**WHAT YOU NEED TO DO:** The line containing "These lines are", plus every line that follows it to the end of the listing below, is what you transcribe exactly; omit all pictures.

**RECORDS SHOWN:**
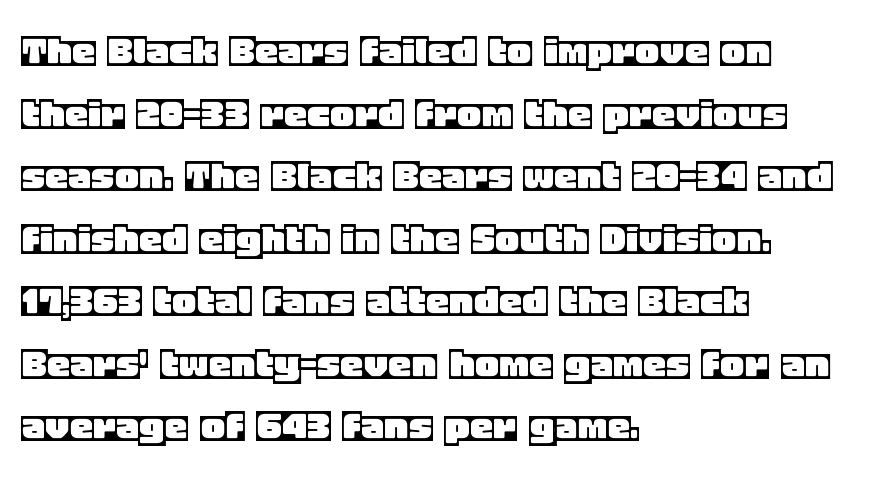
Q: Is the text italic (slanted)? A: No, it is upright.
Q: Is the text underlined? A: No.
Q: How is the paragraph aligned? A: Left-aligned.
Q: Is the spacing between letters normal or unusually wide? A: Normal.
Q: Is the spacing between lines tight, normal or loose? A: Normal.
Q: Width (condensed, normal, or wide)? A: Normal.
Q: x-height? A: Large.
Q: Monospaced? A: No.
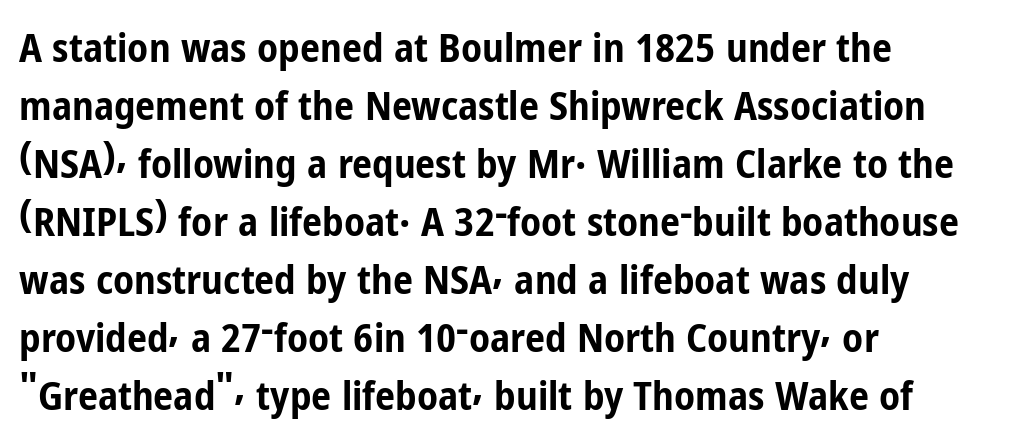
The image shows 40 px bold, condensed sans-serif type, upright; set left-aligned, normal line spacing (1.45x), normal letter spacing, not underlined; low stroke contrast and a medium x-height.
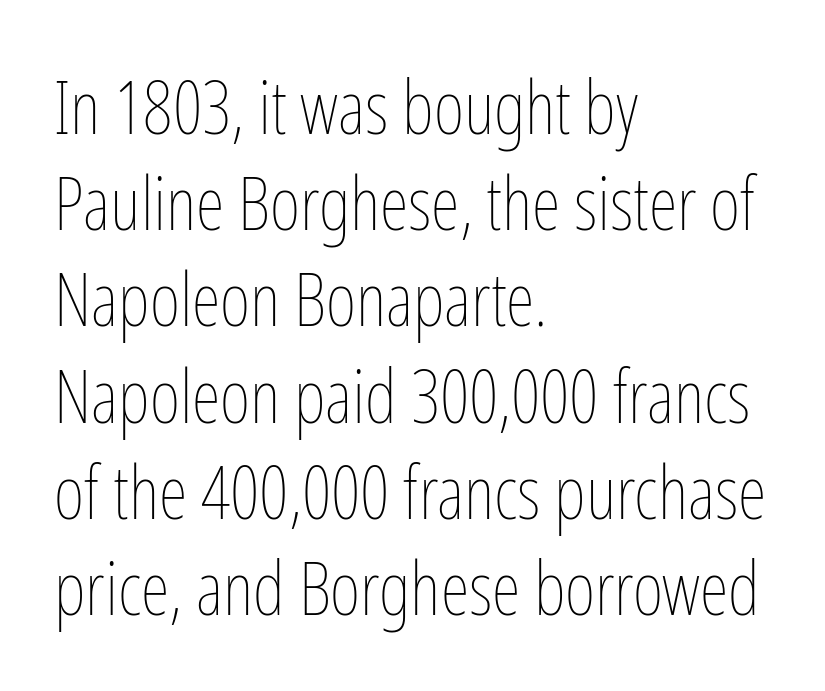
{"italic": "no", "bold": "no", "weight": "thin", "width": "condensed", "stroke_contrast": "low", "x_height": "medium", "monospaced": "no", "underline": "no", "align": "left", "line_spacing": "normal", "line_spacing_ratio": 1.3, "letter_spacing": "normal", "letter_spacing_em": 0.0, "glyph_px": 74}
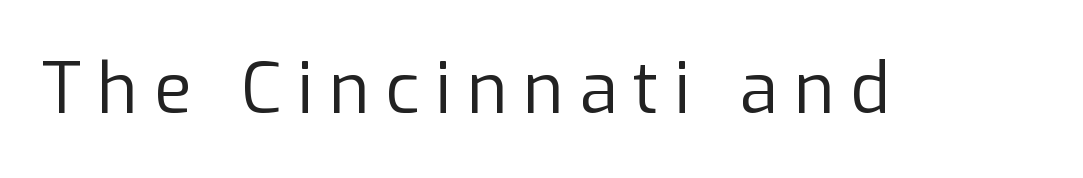
When letters stand straight like this, we call the style roman or upright. The type is letterspaced generously, with wide tracking. Character widths vary here, with narrow letters taking less room than wide ones. Is this a heavy cut? Hardly; it is regular or lighter. This rendering employs a face without finishing strokes, i.e., a sans-serif.
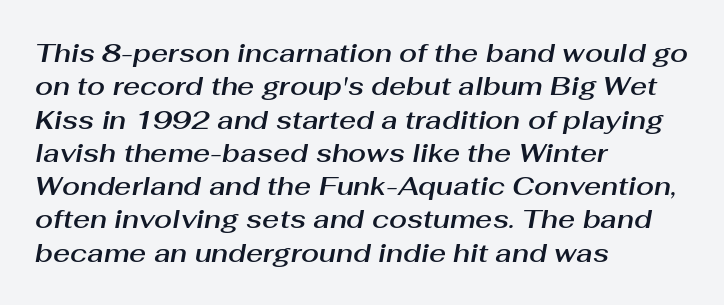
The image shows 26 px text type, italic (leaning right); set left-aligned, normal line spacing (1.28x), normal letter spacing, not underlined.
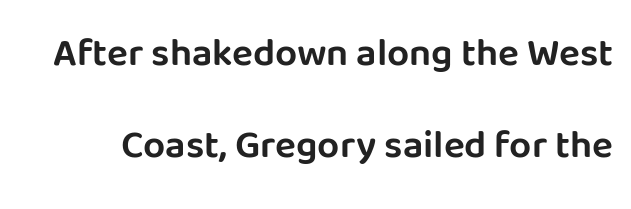
These lines are rendered in a variable-pitch font. Observe the ordinary spacing: letters are neighbours, not strangers. The lettering stays uniformly vertical, giving the passage a roman look. Letterform terminals end flat and unadorned throughout the passage. You could fit nearly another row in the gap between these rows.
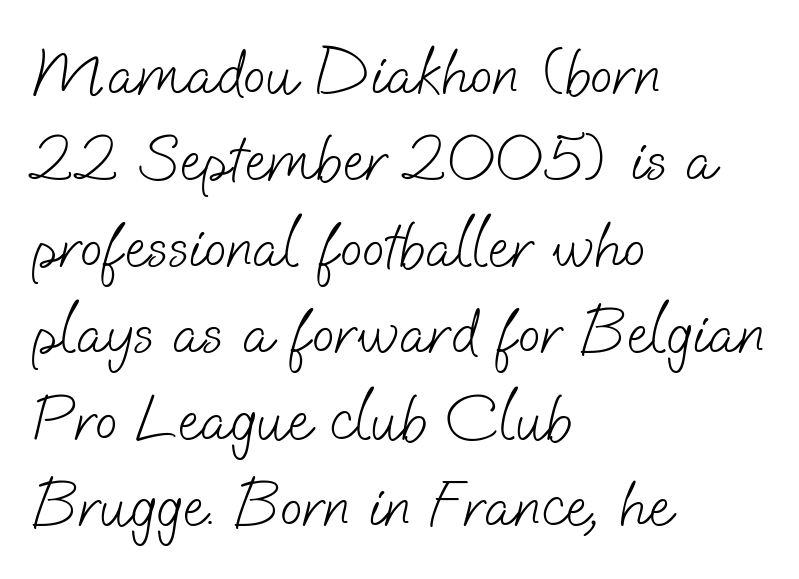
The image shows 66 px light sans-serif type; set left-aligned, normal line spacing (1.31x), normal letter spacing, not underlined; low stroke contrast and a small x-height.
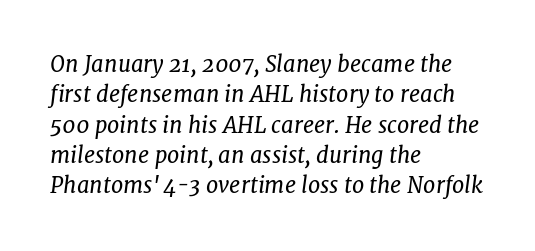
The gap between lines stays unmarked. Leading: standard. It's the slanting kind of type. Compared with a typical body face, this is equally light or lighter still.
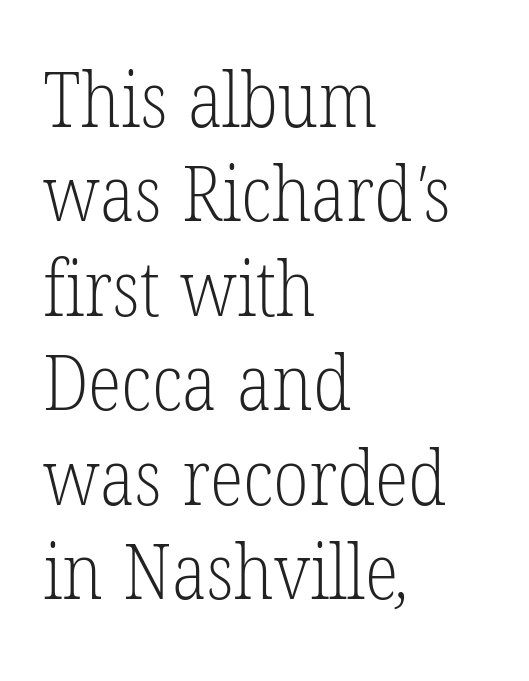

**ANSWER FOR THIS EXERCISE:**
These lines are rendered in a variable-pitch font. Observe the ordinary spacing: letters are neighbours, not strangers. The lettering stays uniformly vertical, giving the passage a roman look. Letterform terminals end flat and unadorned throughout the passage. You could fit nearly another row in the gap between these rows.
The image shows 66 px light sans-serif type; set left-aligned, normal line spacing (1.31x), normal letter spacing, not underlined; low stroke contrast and a small x-height.
The gap between lines stays unmarked. Leading: standard. It's the slanting kind of type. Compared with a typical body face, this is equally light or lighter still.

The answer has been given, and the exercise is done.